Following links helped me through this:
Nice article about the behaviour of these generators
You should be able to seed the database using plain SQL and still use HiLo to generate the primary keys in NHibernate. What you have to do is to set the NextHi value(s) in the HiLo table to values that are high enough that the next entity you save will get an id that is higher than the highest id set when you seed the database.
So, you should be able to do something like this:
run the schema export
seed the database using a custom sql script (you would have to supply your own id's in the script, since they are not generated by the database)
manually insert a big enough value into the hibernate_unique_key table, so that the next id generated by NHibernate is larger than the largest inserted in the seeding
use NHibernate as usual
There are a few different approaches to using HiLo with NHibernate (one shared next-hi for all entities, a next hi per entity, etc.) so you might have to do a little experimenting to find out what value(s) would be appropriate to write to the hibernate_unique_key table after the seeding, depending on your hilo strategy and what max_lo you are using etc.
As a side note, schema export does not seem to support multiple rows in the hibernate_unique_key table that well, so you might have to do some manual stuff to create all the rows in the table if you use a hilo row per entity.
You could also use Identity to generate the ids, but at the cost of worse performance with NHibernate.
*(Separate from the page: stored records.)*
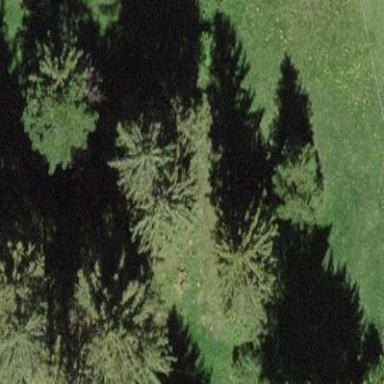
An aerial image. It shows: Beautiful woodland area.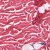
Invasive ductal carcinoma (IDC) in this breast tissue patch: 0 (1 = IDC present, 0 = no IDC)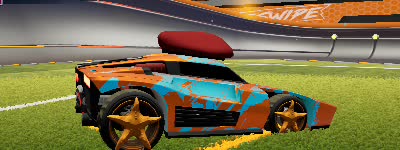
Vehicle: breakout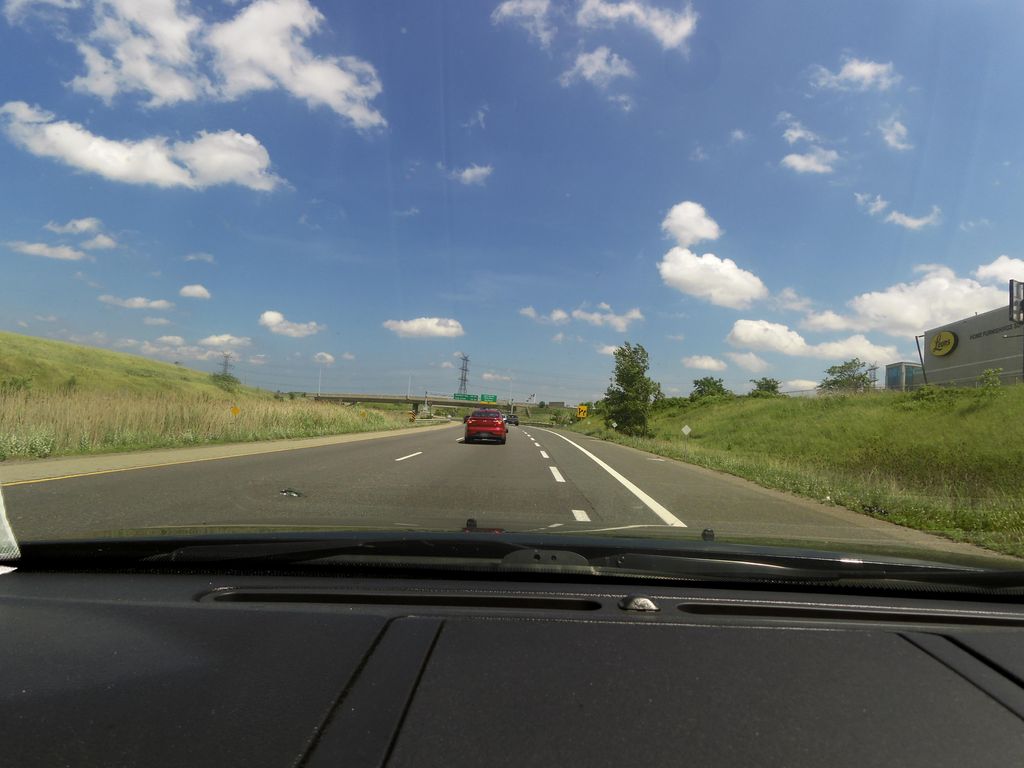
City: hamilton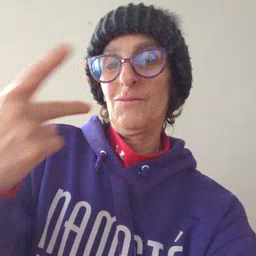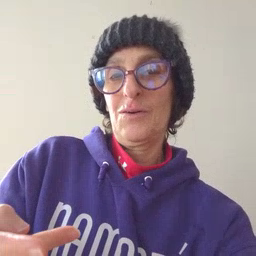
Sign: fall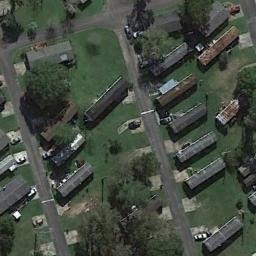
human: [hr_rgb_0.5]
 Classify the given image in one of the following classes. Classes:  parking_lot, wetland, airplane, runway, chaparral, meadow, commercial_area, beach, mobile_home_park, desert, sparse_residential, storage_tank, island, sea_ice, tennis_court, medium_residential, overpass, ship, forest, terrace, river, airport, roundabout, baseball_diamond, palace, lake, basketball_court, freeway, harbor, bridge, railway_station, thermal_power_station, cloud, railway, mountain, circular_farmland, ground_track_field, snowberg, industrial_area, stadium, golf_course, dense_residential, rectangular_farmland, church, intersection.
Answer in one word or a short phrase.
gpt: mobile_home_park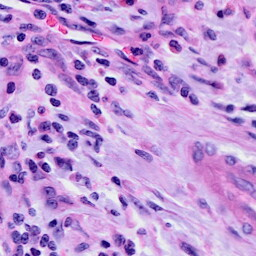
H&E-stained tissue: Cervix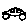
Label: car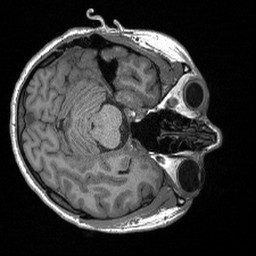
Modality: T1w
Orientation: axial
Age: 33
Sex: female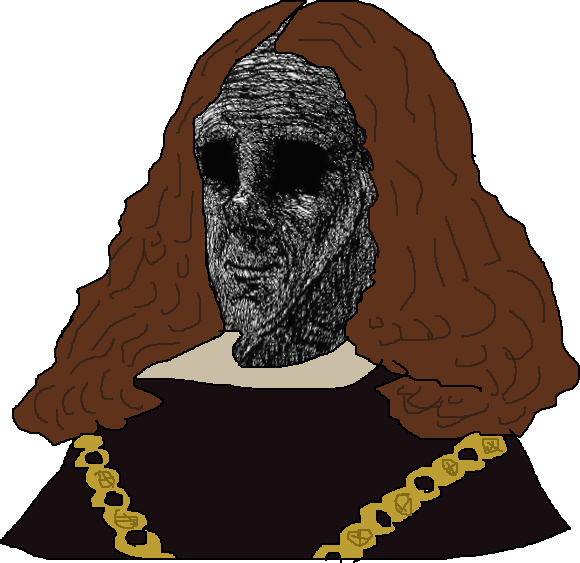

The reason for the performance loss is that NHibernate has to do an extra read for each insert to get the id that was generated by the database. With hilo NHibernate already knows the id that the entity will get, so there is no need for that extra read.
Another option could be to use GuidComb, which also allows NHibernate to generate the ids, and therefore removes the need to query the database to get the id after an insert. However, you then have to look at ugly guids instead of nice integers when developing. :)
I guess the problem is that the pk generation is controlled by nhibernate and not the db. so an option would be to use instance.GeneratedBy.Identity(). do you reckon that would be sensible?
I would really appreciate any comments.
Christian